--- SOURCE MATERIAL ---
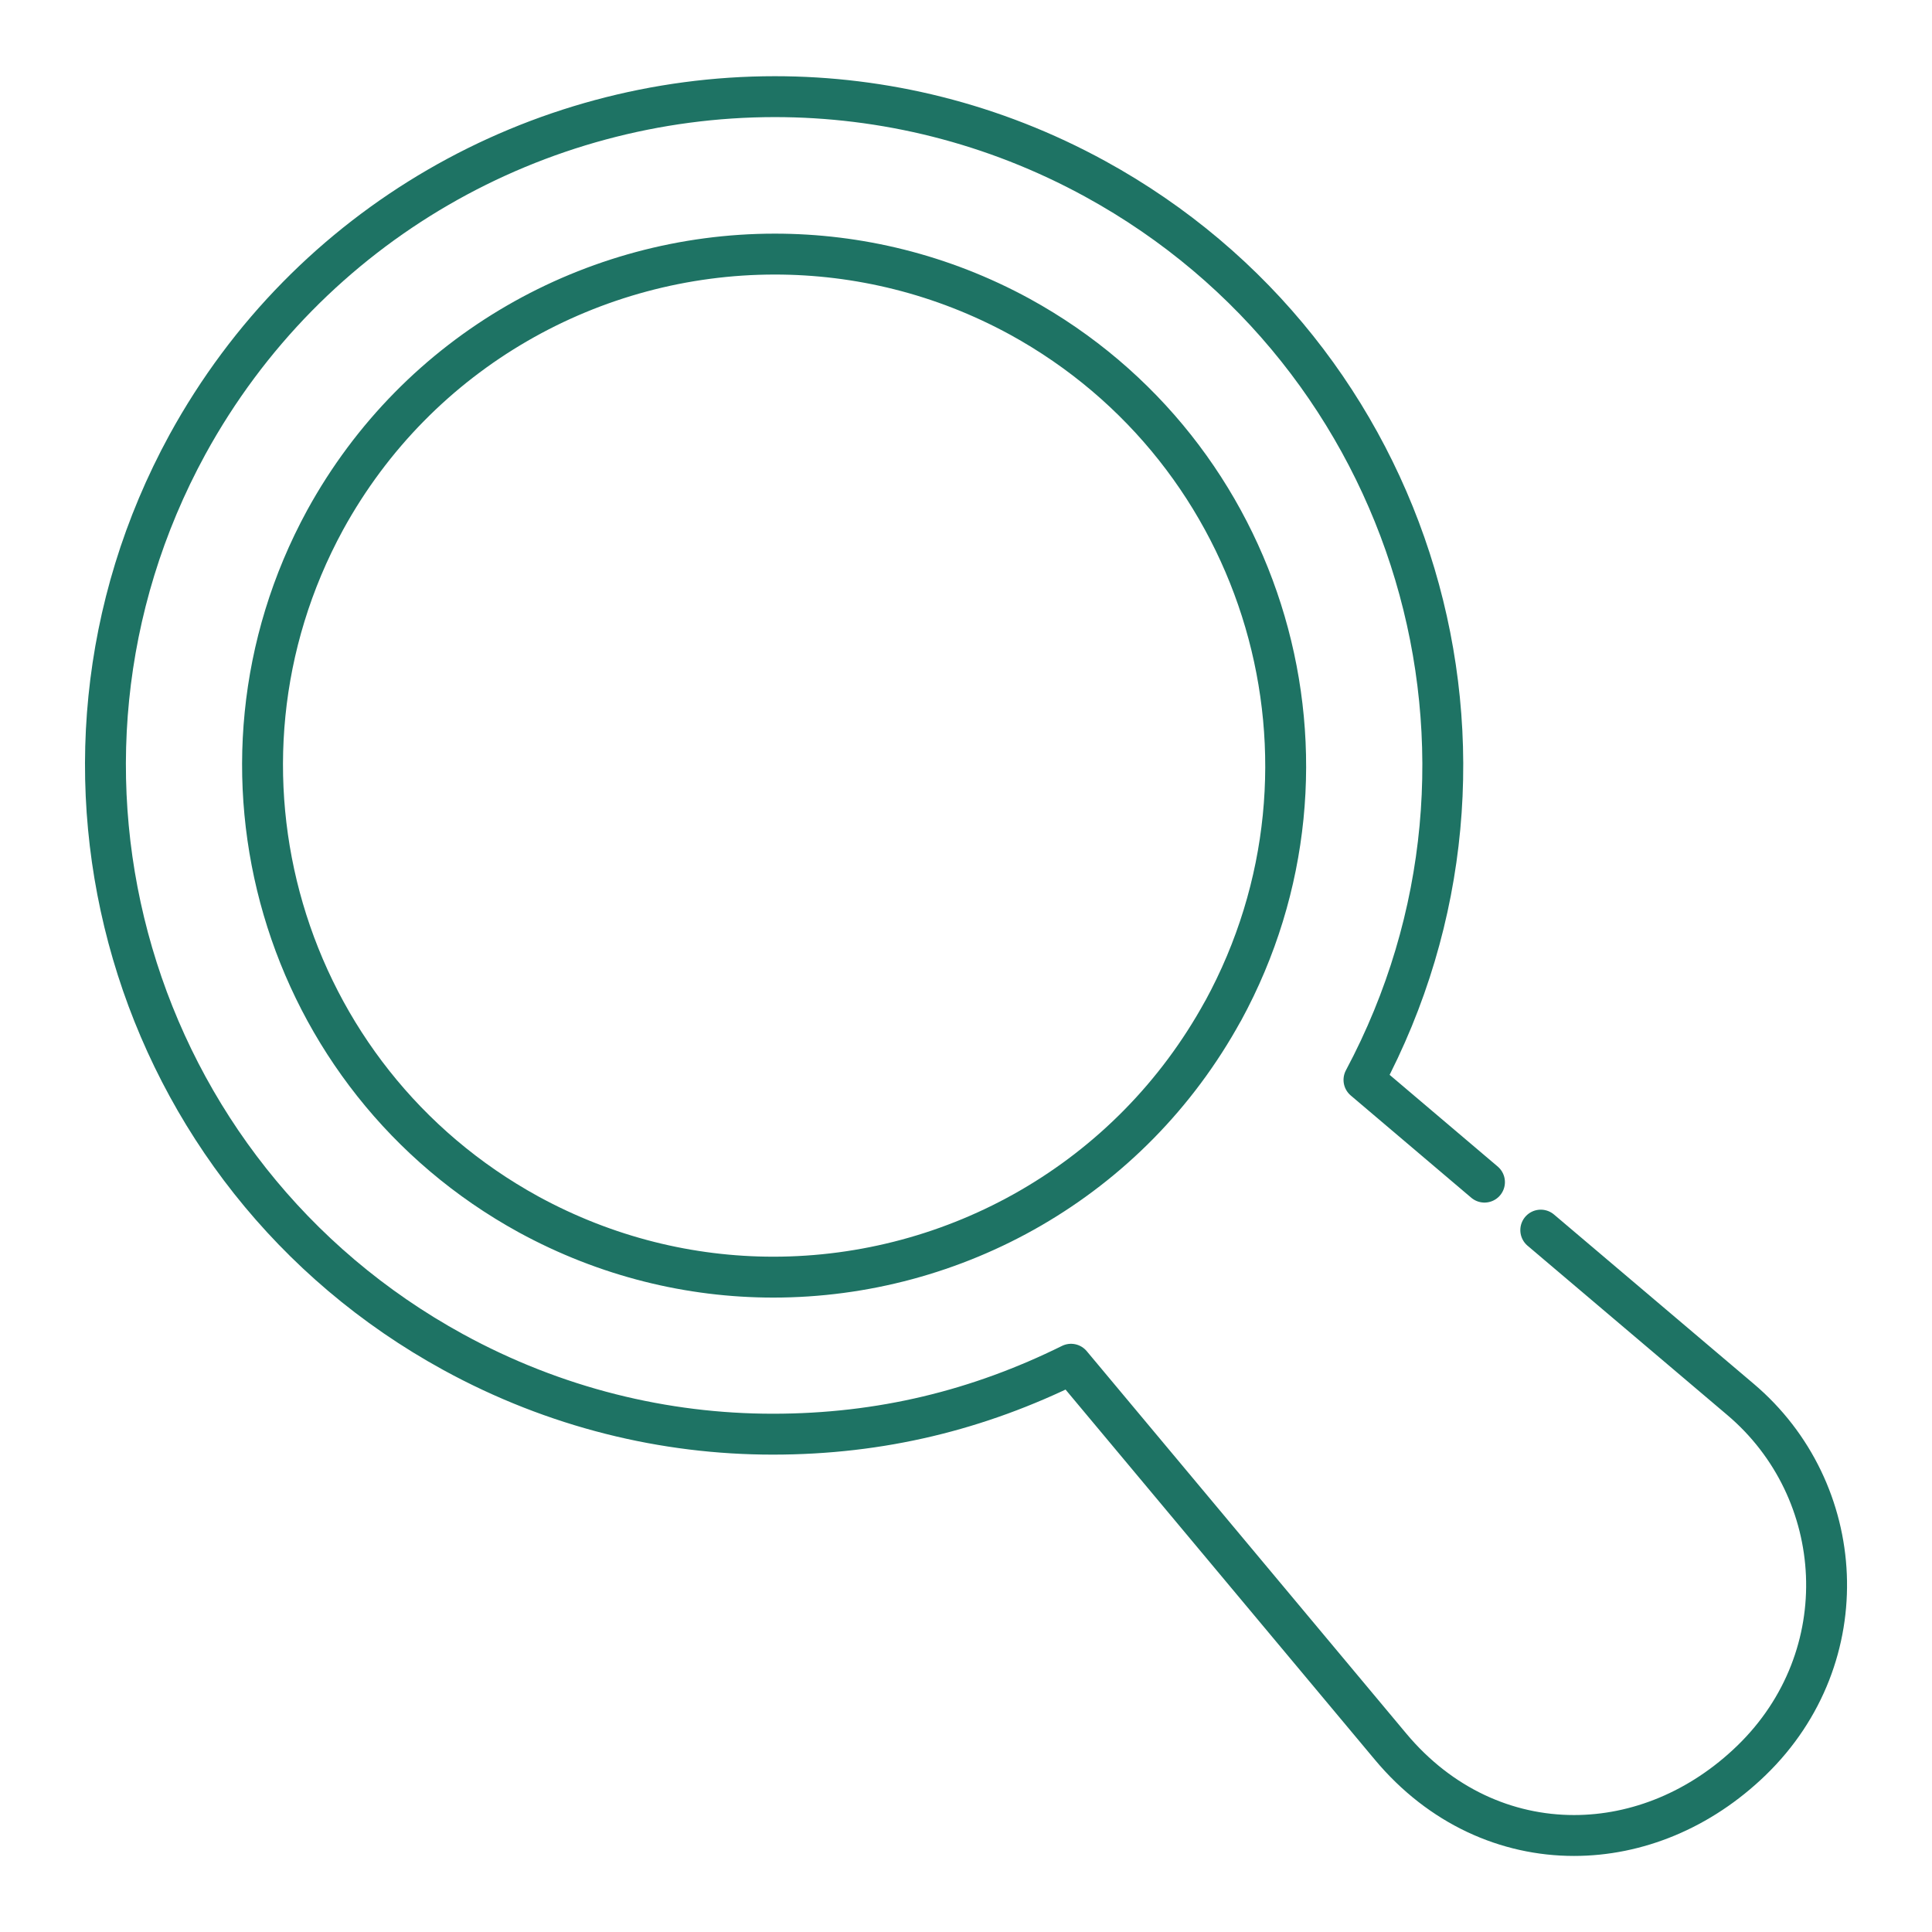 <?xml version="1.0" encoding="UTF-8"?>
<svg id="Calque_1" data-name="Calque 1" xmlns="http://www.w3.org/2000/svg" viewBox="0 0 141.73 141.73">
  <defs>
    <style>
      .cls-1 {
        fill: none;
        stroke: #1e7364;
        stroke-linecap: round;
        stroke-linejoin: round;
        stroke-width: 3px;
      }
    </style>
  </defs>
  <path class="cls-1" d="M108.9,86.72l-8.84-7.5c12.64-23.7,3.89-53.17-19.72-66.1-7.47-4.09-15.54-6.03-23.5-6.03-17.34,0-34.16,9.23-43.09,25.52-12.98,23.78-4.26,53.57,19.5,66.58,7.46,4.08,15.5,6.02,23.44,6.02s15.11-1.78,21.88-5.13l23.44,28.05c3.66,4.38,8.53,6.52,13.46,6.52,4.6,0,9.25-1.86,13.02-5.51,7.85-7.61,7.07-19.82-.82-26.49l-14.64-12.41"/>
  <path class="cls-1" d="M89.72,74.16c-6.84,12.47-19.71,19.53-32.99,19.53-6.08,0-12.25-1.49-17.95-4.6-18.18-9.97-24.84-32.75-14.93-50.94,6.84-12.46,19.71-19.51,32.99-19.51,6.07,0,12.25,1.47,17.97,4.59,18.17,9.97,24.83,32.75,14.91,50.94Z"/>
</svg>

--- WHAT THE TASK REQUIRES ---
Without carrying over any picture, write out the entries above once more, exactly.

--- ANSWER SPACE ---
 <?xml version="1.0" encoding="UTF-8"?>
<svg id="Calque_1" data-name="Calque 1" xmlns="http://www.w3.org/2000/svg" viewBox="0 0 141.73 141.73">
  <defs>
    <style>
      .cls-1 {
        fill: none;
        stroke: #1e7364;
        stroke-linecap: round;
        stroke-linejoin: round;
        stroke-width: 3px;
      }
    </style>
  </defs>
  <path class="cls-1" d="M108.9,86.72l-8.84-7.5c12.64-23.7,3.89-53.17-19.72-66.1-7.47-4.09-15.54-6.03-23.5-6.03-17.34,0-34.16,9.23-43.09,25.52-12.98,23.78-4.26,53.57,19.5,66.58,7.46,4.08,15.5,6.02,23.44,6.02s15.11-1.78,21.88-5.13l23.44,28.05c3.66,4.38,8.53,6.52,13.46,6.52,4.6,0,9.25-1.86,13.02-5.51,7.85-7.61,7.07-19.82-.82-26.49l-14.64-12.41"/>
  <path class="cls-1" d="M89.72,74.16c-6.84,12.47-19.71,19.53-32.99,19.53-6.08,0-12.25-1.49-17.95-4.6-18.18-9.97-24.84-32.75-14.93-50.94,6.84-12.46,19.71-19.51,32.99-19.51,6.07,0,12.25,1.47,17.97,4.59,18.17,9.97,24.83,32.75,14.91,50.94Z"/>
</svg>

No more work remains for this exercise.